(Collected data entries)

=-=-=-=-=

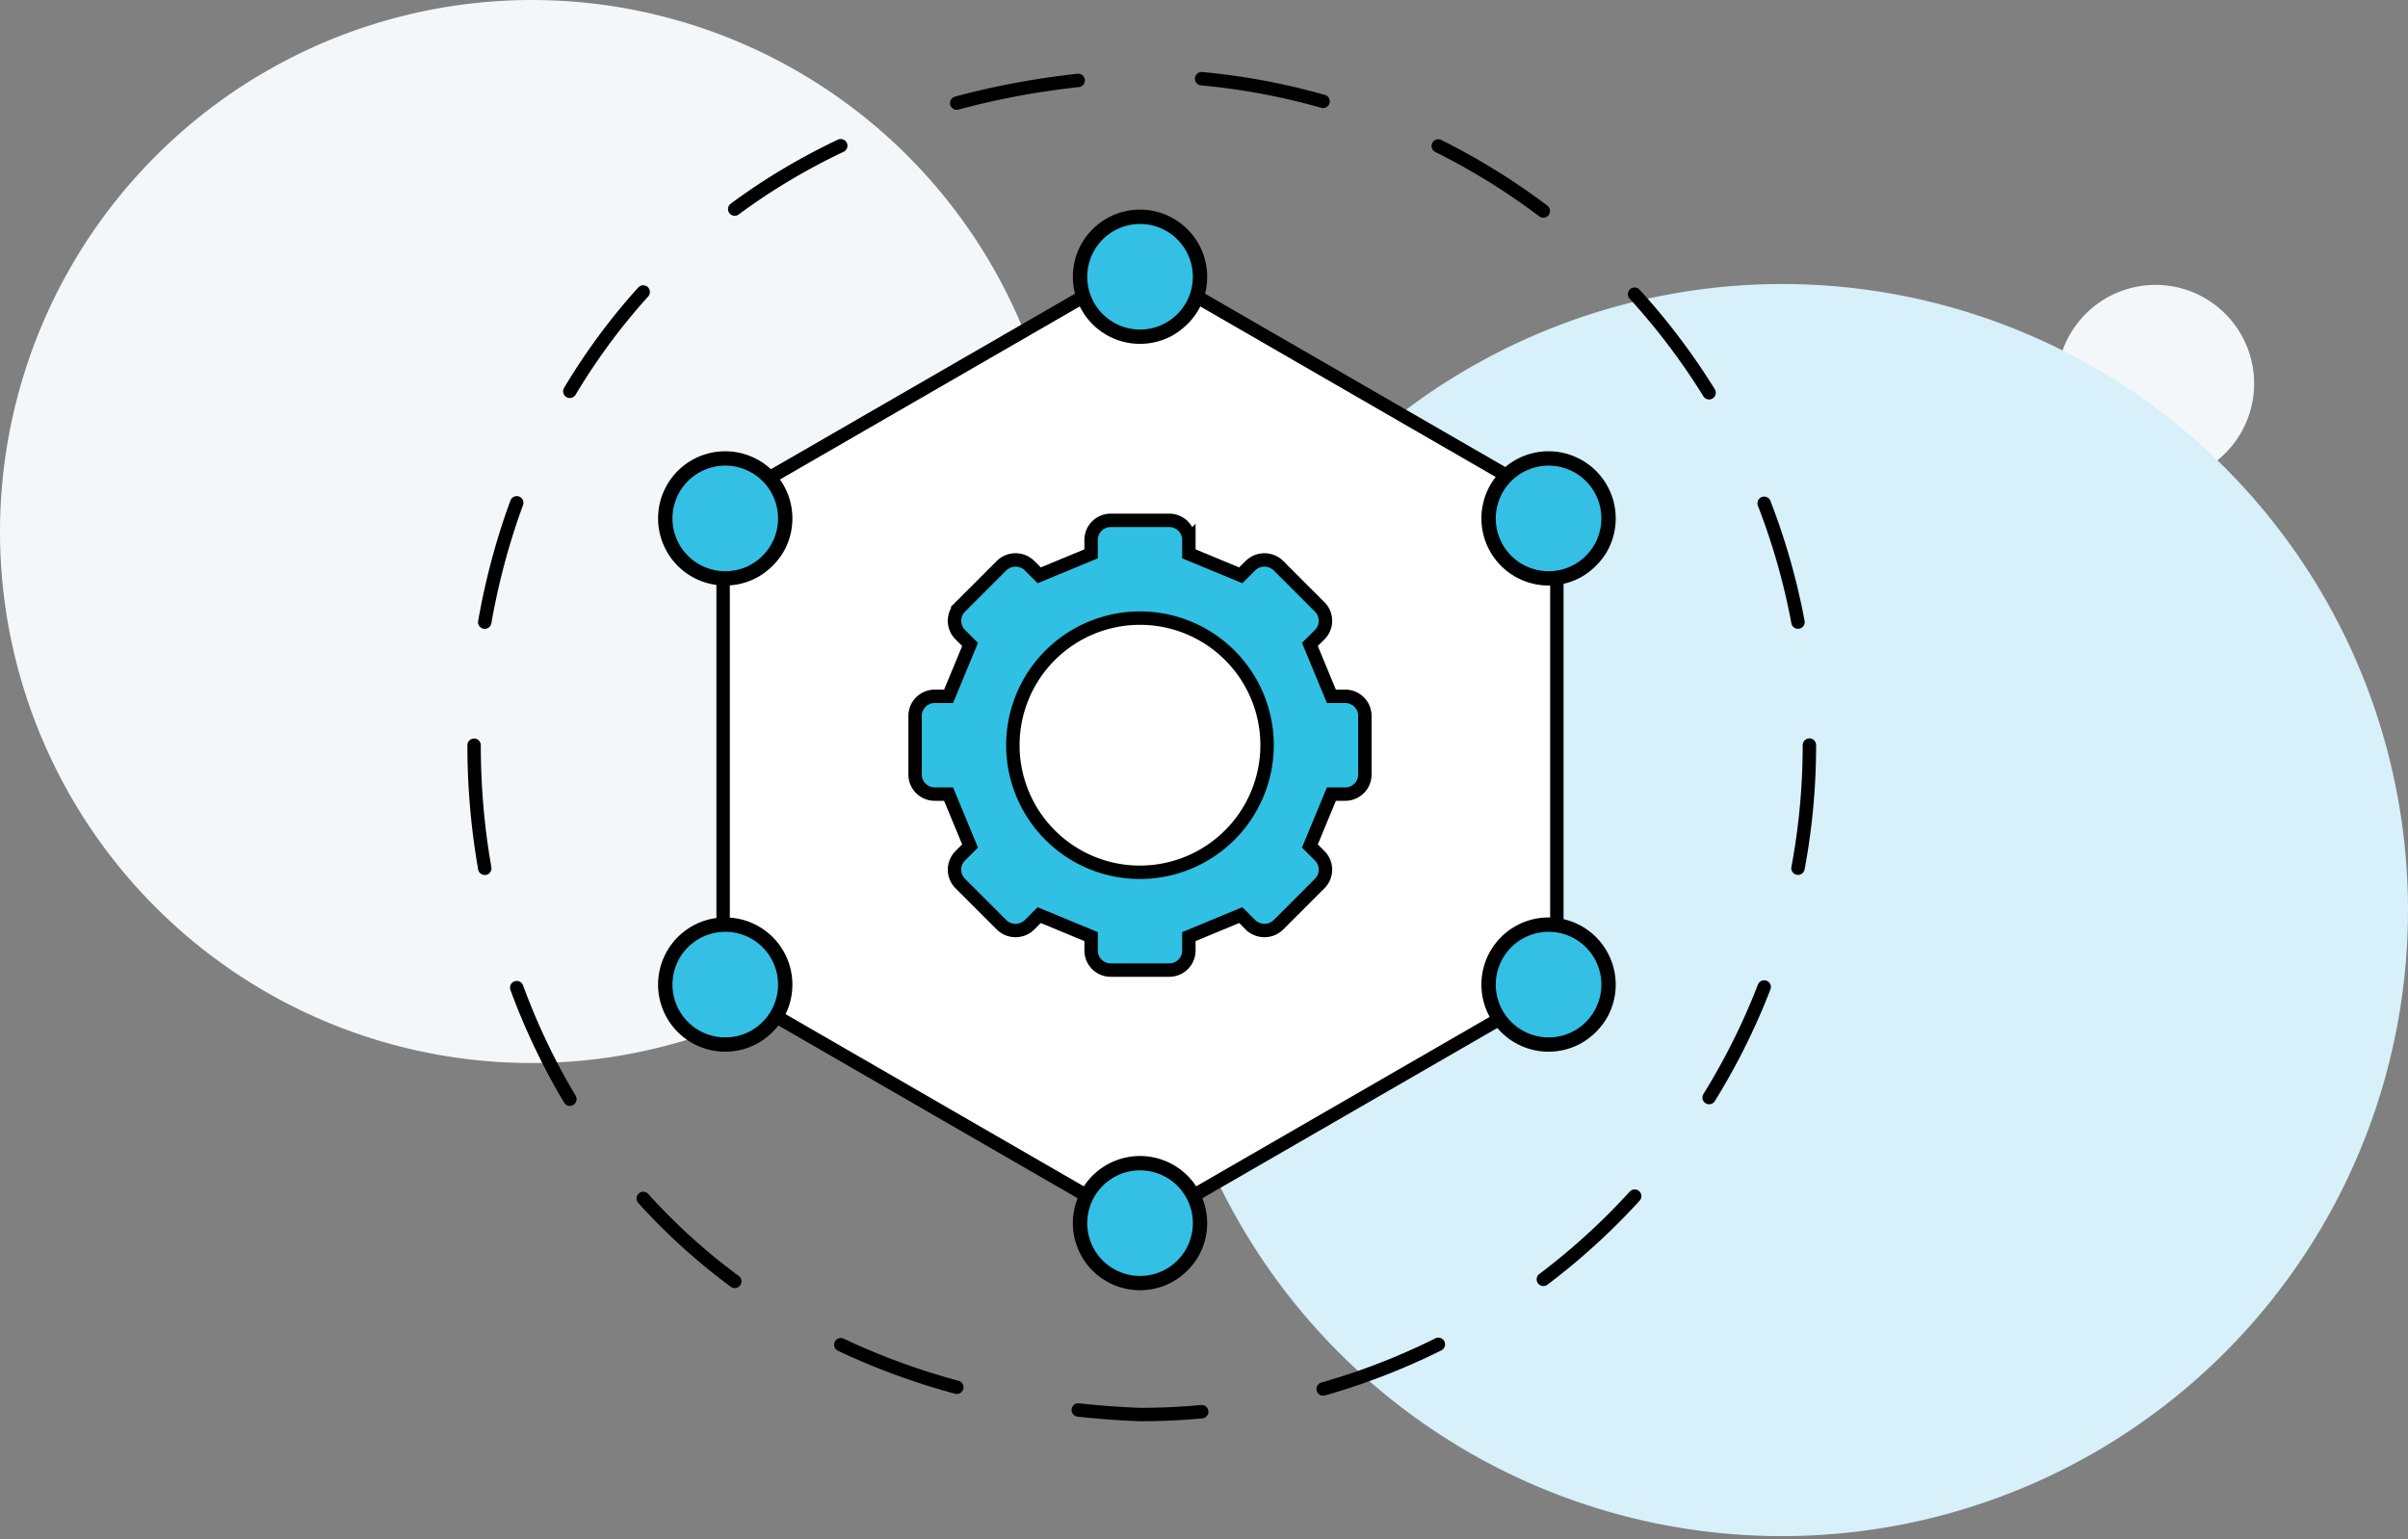 <svg id="Group_7519" data-name="Group 7519" xmlns="http://www.w3.org/2000/svg" xmlns:xlink="http://www.w3.org/1999/xlink" width="287.302" height="183.687" viewBox="0 0 287.302 183.687">
  <rect x="0" y="0" width="287.302" height="183.687" fill="#808080" stroke="none"/>
  <defs>
    <clipPath id="clip-path">
      <rect id="Rectangle_529" data-name="Rectangle 529" width="287.302" height="183.687" fill="none"/>
    </clipPath>
  </defs>
  <g id="Group_7519-2" data-name="Group 7519" clip-path="url(#clip-path)">
    <path id="Path_9327" data-name="Path 9327" d="M245.4,45.795a11.772,11.772,0,1,0,11.772-11.8,11.787,11.787,0,0,0-11.772,11.8" fill="#f4f7f9"/>
    <path id="Path_9328" data-name="Path 9328" d="M137.89,108.789a74.706,74.706,0,1,0,74.706-74.9,74.8,74.8,0,0,0-74.706,74.9" fill="#d7f0f9"/>
    <path id="Path_9329" data-name="Path 9329" d="M0,63.585A63.423,63.423,0,1,0,63.422,0,63.5,63.5,0,0,0,0,63.585" fill="#f4f7f9"/>
    <path id="Path_9330" data-name="Path 9330" d="M86.276,60.206v57.432l49.738,28.716,49.737-28.716V60.206L136.014,31.49Z" fill="#fff"/>
    <path id="Path_9331" data-name="Path 9331" d="M86.276,60.206v57.432l49.738,28.716,49.737-28.716V60.206L136.014,31.49Z" fill="none" stroke="#000" stroke-miterlimit="10" stroke-width="1.6"/>
    <path id="Path_9332" data-name="Path 9332" d="M160.512,83.089h-1.661L156.287,76.9l1.174-1.174a2.336,2.336,0,0,0,0-3.3l-4.949-4.949a2.389,2.389,0,0,0-3.3,0l-1.174,1.174-6.191-2.565v-1.66a2.336,2.336,0,0,0-2.333-2.333h-7a2.336,2.336,0,0,0-2.333,2.333v1.66l-6.191,2.565-1.174-1.174a2.387,2.387,0,0,0-3.3,0l-4.95,4.949a2.336,2.336,0,0,0,0,3.3l1.174,1.174-2.564,6.191h-1.661a2.336,2.336,0,0,0-2.333,2.333v7a2.336,2.336,0,0,0,2.333,2.334h1.661l2.564,6.191-1.174,1.174a2.336,2.336,0,0,0,0,3.3l4.95,4.95a2.388,2.388,0,0,0,3.3,0l1.174-1.175,6.191,2.564v1.662a2.336,2.336,0,0,0,2.333,2.333h7a2.336,2.336,0,0,0,2.333-2.333v-1.662l6.191-2.564,1.174,1.175a2.39,2.39,0,0,0,3.3,0l4.949-4.95a2.336,2.336,0,0,0,0-3.3l-1.174-1.174,2.564-6.191h1.661a2.336,2.336,0,0,0,2.333-2.334v-7a2.336,2.336,0,0,0-2.333-2.333m-24.5,21a15.165,15.165,0,1,1,15.165-15.165,15.182,15.182,0,0,1-15.165,15.165" fill="#2fc0e4"/>
    <path id="Path_9333" data-name="Path 9333" d="M160.512,83.089h-1.661L156.287,76.9l1.174-1.174a2.336,2.336,0,0,0,0-3.3l-4.949-4.949a2.389,2.389,0,0,0-3.3,0l-1.174,1.174-6.191-2.565v-1.66a2.336,2.336,0,0,0-2.333-2.333h-7a2.336,2.336,0,0,0-2.333,2.333v1.66l-6.191,2.565-1.174-1.174a2.387,2.387,0,0,0-3.3,0l-4.95,4.949a2.336,2.336,0,0,0,0,3.3l1.174,1.174-2.564,6.191h-1.661a2.336,2.336,0,0,0-2.333,2.333v7a2.336,2.336,0,0,0,2.333,2.334h1.661l2.564,6.191-1.174,1.174a2.336,2.336,0,0,0,0,3.3l4.95,4.95a2.388,2.388,0,0,0,3.3,0l1.174-1.175,6.191,2.564v1.662a2.336,2.336,0,0,0,2.333,2.333h7a2.336,2.336,0,0,0,2.333-2.333v-1.662l6.191-2.564,1.174,1.175a2.39,2.39,0,0,0,3.3,0l4.949-4.95a2.336,2.336,0,0,0,0-3.3l-1.174-1.174,2.564-6.191h1.661a2.336,2.336,0,0,0,2.333-2.334v-7A2.336,2.336,0,0,0,160.512,83.089Zm-24.5,21a15.165,15.165,0,1,1,15.165-15.165A15.182,15.182,0,0,1,136.014,104.087Z" fill="none" stroke="#000" stroke-miterlimit="10" stroke-width="1.6"/>
    <path id="Path_9334" data-name="Path 9334" d="M215.883,88.922a79.87,79.87,0,0,1-79.87,79.87c-105.945-4.207-105.915-155.549,0-159.74A79.87,79.87,0,0,1,215.883,88.922Z" fill="none" stroke="#000" stroke-linecap="round" stroke-linejoin="round" stroke-width="1.6" stroke-dasharray="14.76 14.76"/>
    <path id="Path_9335" data-name="Path 9335" d="M142.539,32.979A6.538,6.538,0,1,1,136,26.441a6.538,6.538,0,0,1,6.538,6.538" fill="#34bfe5"/>
    <path id="Path_9336" data-name="Path 9336" d="M136.014,25.012a8.009,8.009,0,1,0,0,16.018,8.048,8.048,0,0,0,3.842-.978,8.451,8.451,0,0,0,2.742-2.467h0a7.438,7.438,0,0,0,.455-.723,8.014,8.014,0,0,0-7.038-11.849m0,14.311a6.3,6.3,0,1,1,4.458-1.843,6.26,6.26,0,0,1-4.458,1.843"/>
    <path id="Path_9337" data-name="Path 9337" d="M142.539,145.909A6.538,6.538,0,1,1,136,139.371a6.538,6.538,0,0,1,6.538,6.538" fill="#34bfe5"/>
    <path id="Path_9338" data-name="Path 9338" d="M136.014,137.942a8.009,8.009,0,1,0,0,16.018,8.048,8.048,0,0,0,3.842-.978,8.451,8.451,0,0,0,2.742-2.467h0a7.44,7.44,0,0,0,.455-.723,8.014,8.014,0,0,0-7.038-11.849m0,14.311a6.3,6.3,0,1,1,4.458-1.843,6.26,6.26,0,0,1-4.458,1.843"/>
    <path id="Path_9339" data-name="Path 9339" d="M93.051,61.816a6.539,6.539,0,1,1-6.538-6.538,6.538,6.538,0,0,1,6.538,6.538" fill="#34bfe5"/>
    <path id="Path_9340" data-name="Path 9340" d="M86.526,53.849a8.009,8.009,0,1,0,0,16.018,8.048,8.048,0,0,0,3.842-.978,8.451,8.451,0,0,0,2.742-2.467h0a7.439,7.439,0,0,0,.455-.723,8.014,8.014,0,0,0-7.038-11.849m0,14.311a6.3,6.3,0,1,1,4.458-1.843,6.26,6.26,0,0,1-4.458,1.843"/>
    <path id="Path_9341" data-name="Path 9341" d="M191.283,61.816a6.539,6.539,0,1,1-6.538-6.538,6.538,6.538,0,0,1,6.538,6.538" fill="#34bfe5"/>
    <path id="Path_9342" data-name="Path 9342" d="M184.758,53.849a8.009,8.009,0,1,0,0,16.018,8.048,8.048,0,0,0,3.842-.978,8.451,8.451,0,0,0,2.742-2.467h0a7.441,7.441,0,0,0,.455-.723,8.014,8.014,0,0,0-7.038-11.849m0,14.311a6.3,6.3,0,1,1,4.458-1.843,6.26,6.26,0,0,1-4.458,1.843"/>
    <path id="Path_9343" data-name="Path 9343" d="M93.051,117.444a6.539,6.539,0,1,1-6.538-6.538,6.538,6.538,0,0,1,6.538,6.538" fill="#34bfe5"/>
    <path id="Path_9344" data-name="Path 9344" d="M86.526,109.477a8.009,8.009,0,1,0,0,16.018,8.048,8.048,0,0,0,3.842-.978,8.451,8.451,0,0,0,2.742-2.467h0a7.44,7.44,0,0,0,.455-.723,8.014,8.014,0,0,0-7.038-11.849m0,14.311a6.3,6.3,0,1,1,4.458-1.843,6.26,6.26,0,0,1-4.458,1.843"/>
    <path id="Path_9345" data-name="Path 9345" d="M191.283,117.444a6.539,6.539,0,1,1-6.538-6.538,6.538,6.538,0,0,1,6.538,6.538" fill="#34bfe5"/>
    <path id="Path_9346" data-name="Path 9346" d="M184.758,109.477a8.009,8.009,0,1,0,0,16.018,8.048,8.048,0,0,0,3.842-.978,8.451,8.451,0,0,0,2.742-2.467h0a7.441,7.441,0,0,0,.455-.723,8.014,8.014,0,0,0-7.038-11.849m0,14.311a6.3,6.3,0,1,1,4.458-1.843,6.26,6.26,0,0,1-4.458,1.843"/>
  </g>
</svg>

=-=-=-=-=

— TASK STATEMENT —
Which of the lines above include the string "miterlimit"? Pick them out and copy them.

— ANSWER BOX —
    <path id="Path_9331" data-name="Path 9331" d="M86.276,60.206v57.432l49.738,28.716,49.737-28.716V60.206L136.014,31.49Z" fill="none" stroke="#000" stroke-miterlimit="10" stroke-width="1.6"/>
    <path id="Path_9333" data-name="Path 9333" d="M160.512,83.089h-1.661L156.287,76.9l1.174-1.174a2.336,2.336,0,0,0,0-3.3l-4.949-4.949a2.389,2.389,0,0,0-3.3,0l-1.174,1.174-6.191-2.565v-1.66a2.336,2.336,0,0,0-2.333-2.333h-7a2.336,2.336,0,0,0-2.333,2.333v1.66l-6.191,2.565-1.174-1.174a2.387,2.387,0,0,0-3.3,0l-4.95,4.949a2.336,2.336,0,0,0,0,3.3l1.174,1.174-2.564,6.191h-1.661a2.336,2.336,0,0,0-2.333,2.333v7a2.336,2.336,0,0,0,2.333,2.334h1.661l2.564,6.191-1.174,1.174a2.336,2.336,0,0,0,0,3.3l4.95,4.95a2.388,2.388,0,0,0,3.3,0l1.174-1.175,6.191,2.564v1.662a2.336,2.336,0,0,0,2.333,2.333h7a2.336,2.336,0,0,0,2.333-2.333v-1.662l6.191-2.564,1.174,1.175a2.39,2.39,0,0,0,3.3,0l4.949-4.95a2.336,2.336,0,0,0,0-3.3l-1.174-1.174,2.564-6.191h1.661a2.336,2.336,0,0,0,2.333-2.334v-7A2.336,2.336,0,0,0,160.512,83.089Zm-24.5,21a15.165,15.165,0,1,1,15.165-15.165A15.182,15.182,0,0,1,136.014,104.087Z" fill="none" stroke="#000" stroke-miterlimit="10" stroke-width="1.6"/>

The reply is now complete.